TensorFlow 2 Images¶
Determined also supports TensorFlow 2.2 and has a Docker image you can use for experiments and commands containing the following:
Ubuntu 18.04
CUDA 10.1
Python 3.6.9
TensorFlow 2.2.0
PyTorch 1.4.0
This can be configured in your experiment configuration like below:
environment:
image:
gpu: "determinedai/environments:cuda-10.1-pytorch-1.4-tf-2.2-gpu-0.7.0"
cpu: "determinedai/environments:py-3.6.9-pytorch-1.4-tf-2.2-cpu-0.7.0"
Custom Images¶
While the official images contain all the dependencies needed for basic
deep learning workloads, many workloads have extra dependencies. If
those extra dependencies are quick to install, you may want to consider
using a startup hook. For situations where
installing dependencies via startup-hook.sh
would take too long, we
suggest building your own Docker image and publishing to a Docker
registry like Docker Hub.
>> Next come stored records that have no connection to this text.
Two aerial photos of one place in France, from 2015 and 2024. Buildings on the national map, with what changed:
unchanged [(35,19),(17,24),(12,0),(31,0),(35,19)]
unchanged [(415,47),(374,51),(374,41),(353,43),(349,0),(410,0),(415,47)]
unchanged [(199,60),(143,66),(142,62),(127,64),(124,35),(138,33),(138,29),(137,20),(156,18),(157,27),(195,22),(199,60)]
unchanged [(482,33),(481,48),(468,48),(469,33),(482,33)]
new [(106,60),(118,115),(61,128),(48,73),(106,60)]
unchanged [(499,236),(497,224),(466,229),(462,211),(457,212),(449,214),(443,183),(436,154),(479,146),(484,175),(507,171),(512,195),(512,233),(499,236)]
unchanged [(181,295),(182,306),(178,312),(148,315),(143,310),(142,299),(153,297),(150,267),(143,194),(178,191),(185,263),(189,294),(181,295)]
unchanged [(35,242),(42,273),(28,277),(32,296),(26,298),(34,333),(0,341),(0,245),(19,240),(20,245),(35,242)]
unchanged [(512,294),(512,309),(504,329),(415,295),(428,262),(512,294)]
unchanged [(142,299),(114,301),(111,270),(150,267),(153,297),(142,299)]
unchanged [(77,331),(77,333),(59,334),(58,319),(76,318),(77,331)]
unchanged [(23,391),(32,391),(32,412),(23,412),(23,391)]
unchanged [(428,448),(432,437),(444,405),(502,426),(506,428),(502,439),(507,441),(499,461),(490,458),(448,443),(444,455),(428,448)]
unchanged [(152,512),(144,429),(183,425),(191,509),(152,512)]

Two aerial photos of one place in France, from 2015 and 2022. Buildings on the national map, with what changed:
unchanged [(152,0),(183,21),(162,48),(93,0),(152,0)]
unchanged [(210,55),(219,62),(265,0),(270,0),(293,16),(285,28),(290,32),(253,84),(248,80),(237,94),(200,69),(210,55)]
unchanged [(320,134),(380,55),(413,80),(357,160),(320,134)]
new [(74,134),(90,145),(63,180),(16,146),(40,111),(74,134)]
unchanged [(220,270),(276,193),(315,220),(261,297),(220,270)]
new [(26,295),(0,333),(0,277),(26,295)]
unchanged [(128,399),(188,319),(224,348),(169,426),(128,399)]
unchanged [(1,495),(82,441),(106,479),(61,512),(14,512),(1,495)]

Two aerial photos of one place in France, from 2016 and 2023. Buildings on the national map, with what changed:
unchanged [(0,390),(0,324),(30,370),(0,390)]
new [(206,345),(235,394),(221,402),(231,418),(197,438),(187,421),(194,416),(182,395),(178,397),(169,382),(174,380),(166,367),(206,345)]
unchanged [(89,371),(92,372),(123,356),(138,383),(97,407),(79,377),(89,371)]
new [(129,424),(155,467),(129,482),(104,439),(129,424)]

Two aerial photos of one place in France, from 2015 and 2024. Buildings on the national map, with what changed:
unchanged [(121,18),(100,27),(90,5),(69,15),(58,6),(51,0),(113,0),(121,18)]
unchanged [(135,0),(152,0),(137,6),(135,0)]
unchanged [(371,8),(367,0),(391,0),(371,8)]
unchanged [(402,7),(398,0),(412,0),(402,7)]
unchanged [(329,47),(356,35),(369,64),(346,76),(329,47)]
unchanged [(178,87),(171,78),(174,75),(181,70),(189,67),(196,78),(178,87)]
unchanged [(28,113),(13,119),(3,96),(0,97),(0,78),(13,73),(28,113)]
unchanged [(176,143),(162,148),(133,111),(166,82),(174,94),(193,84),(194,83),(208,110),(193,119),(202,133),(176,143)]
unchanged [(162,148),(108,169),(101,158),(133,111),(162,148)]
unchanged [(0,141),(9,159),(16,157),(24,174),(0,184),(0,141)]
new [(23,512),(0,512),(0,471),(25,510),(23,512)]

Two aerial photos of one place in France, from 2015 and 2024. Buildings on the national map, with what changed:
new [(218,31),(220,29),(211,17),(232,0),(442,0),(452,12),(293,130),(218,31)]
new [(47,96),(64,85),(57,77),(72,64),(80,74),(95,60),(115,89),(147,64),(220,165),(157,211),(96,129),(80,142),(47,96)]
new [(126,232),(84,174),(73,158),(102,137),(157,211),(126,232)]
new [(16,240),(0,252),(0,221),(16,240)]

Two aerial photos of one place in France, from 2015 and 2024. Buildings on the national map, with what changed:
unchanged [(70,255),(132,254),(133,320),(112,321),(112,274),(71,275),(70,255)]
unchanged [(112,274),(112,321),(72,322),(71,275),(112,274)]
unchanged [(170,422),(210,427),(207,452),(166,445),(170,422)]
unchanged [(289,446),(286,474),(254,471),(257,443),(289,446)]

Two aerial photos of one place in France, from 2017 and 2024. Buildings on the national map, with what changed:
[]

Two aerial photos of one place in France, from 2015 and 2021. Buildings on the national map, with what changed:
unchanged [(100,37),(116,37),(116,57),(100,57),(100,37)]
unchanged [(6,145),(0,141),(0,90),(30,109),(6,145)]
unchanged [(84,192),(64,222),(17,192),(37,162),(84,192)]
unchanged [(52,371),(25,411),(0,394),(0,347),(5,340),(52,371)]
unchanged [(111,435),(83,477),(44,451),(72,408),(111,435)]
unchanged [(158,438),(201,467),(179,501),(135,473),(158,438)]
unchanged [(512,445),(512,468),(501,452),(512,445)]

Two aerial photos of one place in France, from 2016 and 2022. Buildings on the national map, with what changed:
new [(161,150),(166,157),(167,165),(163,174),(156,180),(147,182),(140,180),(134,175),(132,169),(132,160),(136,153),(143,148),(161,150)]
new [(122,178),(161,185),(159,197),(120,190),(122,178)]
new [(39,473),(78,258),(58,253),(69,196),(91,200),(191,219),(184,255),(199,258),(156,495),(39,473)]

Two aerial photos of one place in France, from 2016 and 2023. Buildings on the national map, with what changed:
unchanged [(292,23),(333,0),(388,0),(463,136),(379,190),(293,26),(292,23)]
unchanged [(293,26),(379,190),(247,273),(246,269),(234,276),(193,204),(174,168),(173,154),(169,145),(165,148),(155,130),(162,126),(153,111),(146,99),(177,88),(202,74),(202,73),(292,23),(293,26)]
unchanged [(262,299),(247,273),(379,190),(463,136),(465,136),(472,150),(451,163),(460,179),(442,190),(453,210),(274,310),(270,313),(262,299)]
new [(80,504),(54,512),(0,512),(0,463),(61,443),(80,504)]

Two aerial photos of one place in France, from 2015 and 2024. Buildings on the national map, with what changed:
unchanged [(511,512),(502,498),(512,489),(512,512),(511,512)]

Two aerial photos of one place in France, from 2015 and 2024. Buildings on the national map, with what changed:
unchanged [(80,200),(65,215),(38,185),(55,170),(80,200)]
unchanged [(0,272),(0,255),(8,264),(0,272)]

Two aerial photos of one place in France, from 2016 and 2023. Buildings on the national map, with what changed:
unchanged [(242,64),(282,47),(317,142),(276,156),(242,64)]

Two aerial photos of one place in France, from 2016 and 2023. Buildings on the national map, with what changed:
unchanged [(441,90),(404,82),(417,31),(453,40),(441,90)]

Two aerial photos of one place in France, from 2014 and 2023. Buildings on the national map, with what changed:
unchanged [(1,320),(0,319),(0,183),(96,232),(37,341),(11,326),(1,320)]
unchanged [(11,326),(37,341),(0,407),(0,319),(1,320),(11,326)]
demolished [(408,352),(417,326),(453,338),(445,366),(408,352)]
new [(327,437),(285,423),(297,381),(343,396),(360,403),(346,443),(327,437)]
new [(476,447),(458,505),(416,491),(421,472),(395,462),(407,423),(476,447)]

We recommend
that custom images use one of the official Determined images as a base
image (using the FROM
instruction).
Warning
It is important to not install the TensorFlow, PyTorch, Horovod, or Apex packages as doing so will conflict with the base packages that are installed into Determined’s official environments.
Here is an example of a Dockerfile
that installs both conda
- and
pip
-based dependencies.
FROM determinedai/environments:cuda-10.0-pytorch-1.4-tf-1.15-gpu-0.7.0
RUN apt-get update && apt-get install -y unzip python-opencv graphviz
COPY environment.yml /tmp/environment.yml
COPY pip_requirements.txt /tmp/pip_requirements.txt
RUN conda env update --name base --file /tmp/environment.yml && \
conda clean --all --force-pkgs-dirs --yes
RUN eval "$(conda shell.bash hook)" && \
conda activate base && \
pip install --requirement /tmp/pip_requirements.txt
Assuming this image has been published to a public repository on Docker Hub, you can configure an experiment, command, or notebook to use the image as follows:
environment:
image: "my-user-name/my-repo-name:my-tag"
where my-user-name
is your Docker Hub user, my-repo-name
is the
name of the Docker Hub repository, and my-tag
is the image tag to
use (e.g., latest
).
If your image has been published to a private Docker Hub repository, you can also specify the credentials to use to access the repository:
environment:
image: "my-user-name/my-repo-name:my-tag"
registry_auth:
username: my-user-name
password: my-password
If your image has been published to a private Docker Registry, specify the registry path as
part of the image
field:
environment:
image: "myregistry.local:5000/my-user-name/my-repo-name:my-tag"
Images will be fetched via HTTPS by default. An HTTPS proxy can be
configured using the https_proxy
field as part of the agent
configuration.
Your custom image and credentials can also be set as the defaults for
all tasks launched in Determined. This can be done under image
and
registry_auth
in the Master Configuration. Please note that
for this to take effect you will have to restart the master.